WHAT THE TASK REQUIRES -> All that is needed is the first stretch of the listing below, repeated exactly and ending with the line that contains "#10357=VECTOR('',#35371,10.);". Pictures are to be left out.
--- RECORDS FOR THIS TASK Enclosed Below ---
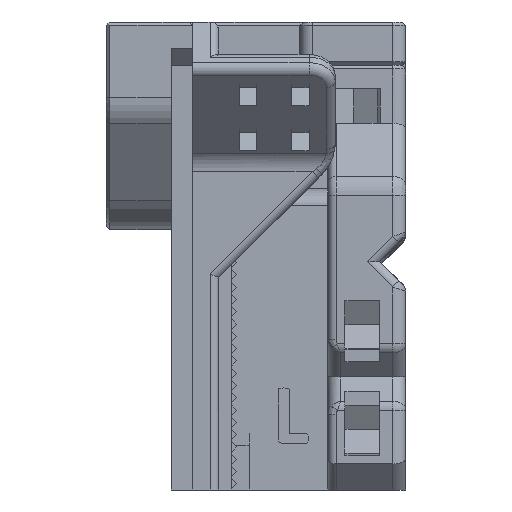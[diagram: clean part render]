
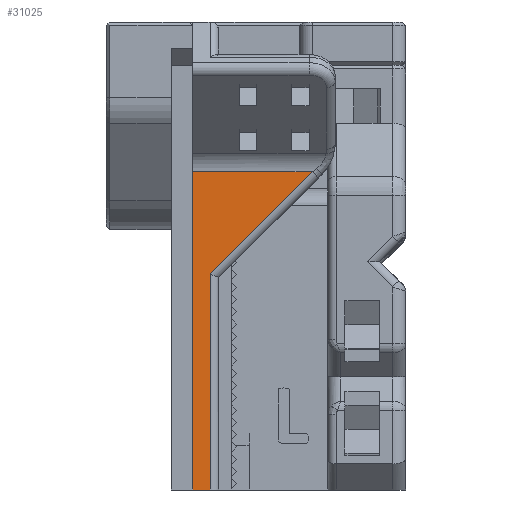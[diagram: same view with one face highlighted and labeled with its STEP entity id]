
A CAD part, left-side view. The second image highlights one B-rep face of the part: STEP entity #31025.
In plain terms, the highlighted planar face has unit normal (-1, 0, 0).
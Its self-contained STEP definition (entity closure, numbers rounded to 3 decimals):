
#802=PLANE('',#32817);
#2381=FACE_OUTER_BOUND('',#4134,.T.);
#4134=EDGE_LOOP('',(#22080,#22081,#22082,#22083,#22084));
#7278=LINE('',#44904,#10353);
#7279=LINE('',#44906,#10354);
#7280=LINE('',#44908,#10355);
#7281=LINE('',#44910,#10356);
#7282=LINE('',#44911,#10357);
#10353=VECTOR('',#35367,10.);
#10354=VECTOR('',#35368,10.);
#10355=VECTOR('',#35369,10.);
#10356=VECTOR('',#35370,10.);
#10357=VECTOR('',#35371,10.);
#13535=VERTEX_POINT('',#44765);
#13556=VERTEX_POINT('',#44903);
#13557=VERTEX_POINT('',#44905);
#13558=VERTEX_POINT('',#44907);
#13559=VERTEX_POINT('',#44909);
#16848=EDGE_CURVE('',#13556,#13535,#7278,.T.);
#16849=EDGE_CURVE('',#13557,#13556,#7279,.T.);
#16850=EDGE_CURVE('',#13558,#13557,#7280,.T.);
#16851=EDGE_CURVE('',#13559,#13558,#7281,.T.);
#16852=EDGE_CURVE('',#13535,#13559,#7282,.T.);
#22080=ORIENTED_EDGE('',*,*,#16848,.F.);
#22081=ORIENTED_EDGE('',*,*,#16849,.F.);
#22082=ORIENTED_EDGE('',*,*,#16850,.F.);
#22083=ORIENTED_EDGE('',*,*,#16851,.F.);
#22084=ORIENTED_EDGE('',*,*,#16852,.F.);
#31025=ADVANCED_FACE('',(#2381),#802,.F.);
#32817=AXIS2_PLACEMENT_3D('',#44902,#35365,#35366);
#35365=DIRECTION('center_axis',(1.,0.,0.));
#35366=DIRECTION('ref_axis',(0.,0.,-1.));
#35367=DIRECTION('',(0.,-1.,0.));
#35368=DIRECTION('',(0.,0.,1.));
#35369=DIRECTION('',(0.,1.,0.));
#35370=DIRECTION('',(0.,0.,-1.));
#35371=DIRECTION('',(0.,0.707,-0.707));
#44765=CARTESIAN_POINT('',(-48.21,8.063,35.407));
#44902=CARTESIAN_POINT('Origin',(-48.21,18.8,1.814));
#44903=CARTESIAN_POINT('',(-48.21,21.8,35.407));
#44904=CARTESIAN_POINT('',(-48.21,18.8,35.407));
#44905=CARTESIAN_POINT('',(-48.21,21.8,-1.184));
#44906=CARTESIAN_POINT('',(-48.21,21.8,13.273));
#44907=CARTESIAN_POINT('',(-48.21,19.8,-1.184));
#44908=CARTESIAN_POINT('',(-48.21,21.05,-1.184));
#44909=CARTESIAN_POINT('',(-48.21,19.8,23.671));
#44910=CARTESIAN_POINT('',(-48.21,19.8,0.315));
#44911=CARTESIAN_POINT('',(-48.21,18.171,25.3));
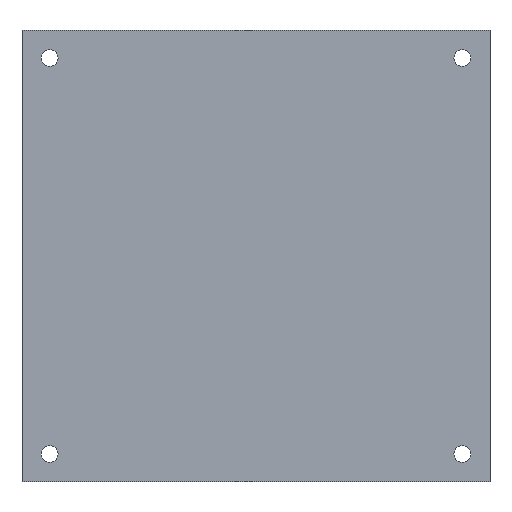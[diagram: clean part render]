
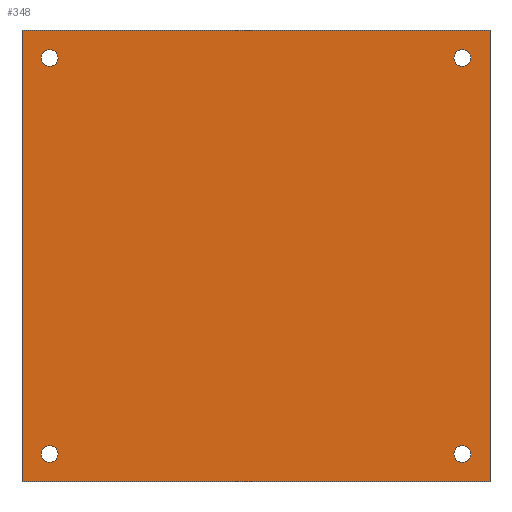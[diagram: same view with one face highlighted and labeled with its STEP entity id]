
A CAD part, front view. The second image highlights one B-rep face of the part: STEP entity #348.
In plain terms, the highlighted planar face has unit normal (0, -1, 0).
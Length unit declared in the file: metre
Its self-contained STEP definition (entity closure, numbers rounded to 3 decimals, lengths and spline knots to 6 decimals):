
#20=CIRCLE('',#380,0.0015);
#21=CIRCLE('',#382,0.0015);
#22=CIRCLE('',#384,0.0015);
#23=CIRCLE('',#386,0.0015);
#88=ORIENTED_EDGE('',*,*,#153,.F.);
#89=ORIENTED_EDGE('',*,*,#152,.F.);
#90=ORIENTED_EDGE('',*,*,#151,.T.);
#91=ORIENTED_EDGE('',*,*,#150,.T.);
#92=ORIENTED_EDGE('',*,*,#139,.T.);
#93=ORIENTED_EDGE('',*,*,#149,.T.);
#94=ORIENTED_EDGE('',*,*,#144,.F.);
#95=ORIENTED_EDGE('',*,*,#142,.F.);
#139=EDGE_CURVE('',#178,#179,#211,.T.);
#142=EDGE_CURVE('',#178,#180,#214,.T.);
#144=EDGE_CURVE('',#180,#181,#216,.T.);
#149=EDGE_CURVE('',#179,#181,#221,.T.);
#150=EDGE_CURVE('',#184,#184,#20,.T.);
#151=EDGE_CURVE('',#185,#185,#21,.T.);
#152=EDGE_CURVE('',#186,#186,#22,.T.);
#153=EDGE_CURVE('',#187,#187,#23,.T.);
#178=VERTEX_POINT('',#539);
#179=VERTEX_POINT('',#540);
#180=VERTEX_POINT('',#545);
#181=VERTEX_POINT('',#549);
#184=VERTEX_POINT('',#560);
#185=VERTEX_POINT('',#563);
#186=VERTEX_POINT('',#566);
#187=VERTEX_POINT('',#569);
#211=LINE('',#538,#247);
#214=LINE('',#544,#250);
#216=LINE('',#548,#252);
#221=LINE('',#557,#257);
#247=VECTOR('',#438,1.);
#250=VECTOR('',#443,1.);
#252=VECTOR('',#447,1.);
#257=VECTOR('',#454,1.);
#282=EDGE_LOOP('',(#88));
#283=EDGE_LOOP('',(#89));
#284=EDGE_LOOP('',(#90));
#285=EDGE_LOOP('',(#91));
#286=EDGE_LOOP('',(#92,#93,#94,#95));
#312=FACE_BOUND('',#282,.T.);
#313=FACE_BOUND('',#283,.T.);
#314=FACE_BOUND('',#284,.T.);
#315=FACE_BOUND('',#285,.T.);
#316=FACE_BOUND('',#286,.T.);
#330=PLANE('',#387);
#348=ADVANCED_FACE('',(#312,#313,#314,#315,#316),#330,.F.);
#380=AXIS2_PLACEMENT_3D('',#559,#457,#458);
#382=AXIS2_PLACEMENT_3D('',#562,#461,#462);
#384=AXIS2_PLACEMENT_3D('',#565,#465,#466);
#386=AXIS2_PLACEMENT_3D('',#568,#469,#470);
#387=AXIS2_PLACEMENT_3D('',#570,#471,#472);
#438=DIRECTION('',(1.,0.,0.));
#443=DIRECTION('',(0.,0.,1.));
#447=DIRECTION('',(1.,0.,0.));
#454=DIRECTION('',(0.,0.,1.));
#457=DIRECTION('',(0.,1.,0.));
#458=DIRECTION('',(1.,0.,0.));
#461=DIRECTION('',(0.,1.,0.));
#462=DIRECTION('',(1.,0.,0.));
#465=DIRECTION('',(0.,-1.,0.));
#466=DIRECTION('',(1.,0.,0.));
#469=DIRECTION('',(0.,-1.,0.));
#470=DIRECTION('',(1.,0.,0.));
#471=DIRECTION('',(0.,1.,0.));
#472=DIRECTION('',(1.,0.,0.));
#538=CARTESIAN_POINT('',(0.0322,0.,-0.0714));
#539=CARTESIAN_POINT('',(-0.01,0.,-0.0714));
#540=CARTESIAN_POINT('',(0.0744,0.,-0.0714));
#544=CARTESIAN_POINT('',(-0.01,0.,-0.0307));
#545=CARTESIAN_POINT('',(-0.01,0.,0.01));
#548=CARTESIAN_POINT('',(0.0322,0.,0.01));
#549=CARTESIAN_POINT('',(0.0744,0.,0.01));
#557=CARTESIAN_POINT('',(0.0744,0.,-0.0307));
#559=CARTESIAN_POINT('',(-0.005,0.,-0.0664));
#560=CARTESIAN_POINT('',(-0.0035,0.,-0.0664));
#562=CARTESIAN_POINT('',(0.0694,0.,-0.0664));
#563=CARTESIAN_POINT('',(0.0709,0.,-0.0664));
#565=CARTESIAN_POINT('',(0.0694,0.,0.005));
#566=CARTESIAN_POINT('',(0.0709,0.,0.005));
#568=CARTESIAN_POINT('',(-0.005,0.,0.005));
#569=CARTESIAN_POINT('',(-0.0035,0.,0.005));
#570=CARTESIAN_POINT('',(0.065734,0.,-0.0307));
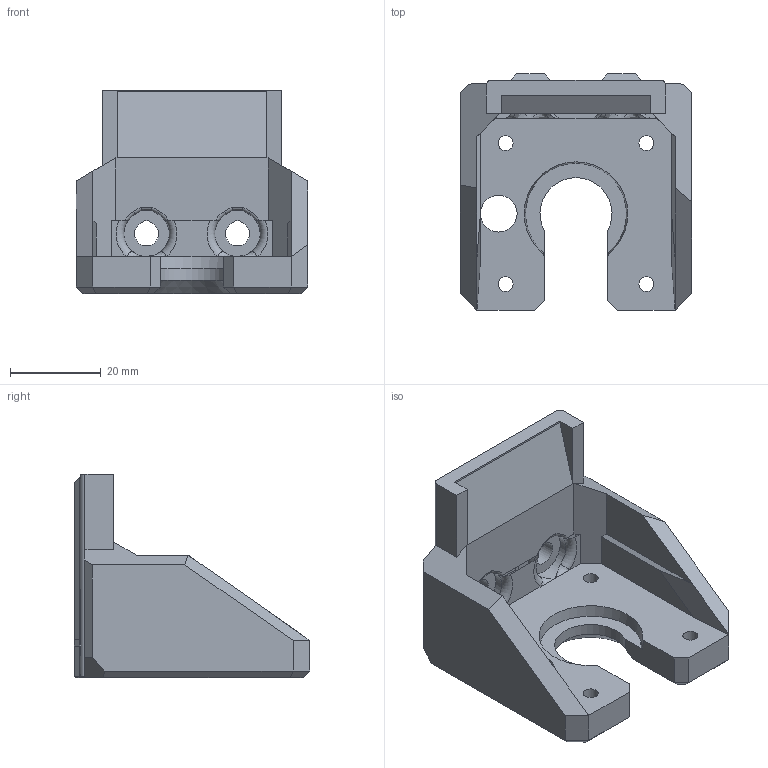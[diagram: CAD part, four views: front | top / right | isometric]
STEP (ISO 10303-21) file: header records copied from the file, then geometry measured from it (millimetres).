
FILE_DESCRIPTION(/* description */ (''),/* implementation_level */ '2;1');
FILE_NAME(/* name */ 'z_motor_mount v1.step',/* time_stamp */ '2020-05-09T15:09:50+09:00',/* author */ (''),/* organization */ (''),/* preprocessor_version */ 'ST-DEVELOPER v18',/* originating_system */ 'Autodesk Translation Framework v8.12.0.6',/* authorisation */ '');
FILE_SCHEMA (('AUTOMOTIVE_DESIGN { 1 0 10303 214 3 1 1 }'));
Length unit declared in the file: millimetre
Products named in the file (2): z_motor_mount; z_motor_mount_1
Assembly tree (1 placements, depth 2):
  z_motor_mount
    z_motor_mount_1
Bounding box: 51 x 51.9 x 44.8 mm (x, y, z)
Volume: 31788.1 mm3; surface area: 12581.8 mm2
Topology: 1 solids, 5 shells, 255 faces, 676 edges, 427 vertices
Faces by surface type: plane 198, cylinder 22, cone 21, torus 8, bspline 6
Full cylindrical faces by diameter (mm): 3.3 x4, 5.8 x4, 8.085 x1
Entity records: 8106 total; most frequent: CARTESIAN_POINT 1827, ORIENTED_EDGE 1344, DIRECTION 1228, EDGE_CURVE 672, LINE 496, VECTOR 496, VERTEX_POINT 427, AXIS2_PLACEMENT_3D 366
--- End of Enclosed RECORDS FOR THIS TASK ---
YOUR SOLUTION ->
[diagram: clean part render]
[diagram: same view with one face highlighted and labeled with its STEP entity id]
A CAD part, left-side view. The second image highlights one B-rep face of the part: STEP entity #31025.
In plain terms, the highlighted planar face has unit normal (-1, 0, 0).
Its self-contained STEP definition (entity closure, numbers rounded to 3 decimals):
#802=PLANE('',#32817);
#2381=FACE_OUTER_BOUND('',#4134,.T.);
#4134=EDGE_LOOP('',(#22080,#22081,#22082,#22083,#22084));
#7278=LINE('',#44904,#10353);
#7279=LINE('',#44906,#10354);
#7280=LINE('',#44908,#10355);
#7281=LINE('',#44910,#10356);
#7282=LINE('',#44911,#10357);
#10353=VECTOR('',#35367,10.);
#10354=VECTOR('',#35368,10.);
#10355=VECTOR('',#35369,10.);
#10356=VECTOR('',#35370,10.);
#10357=VECTOR('',#35371,10.);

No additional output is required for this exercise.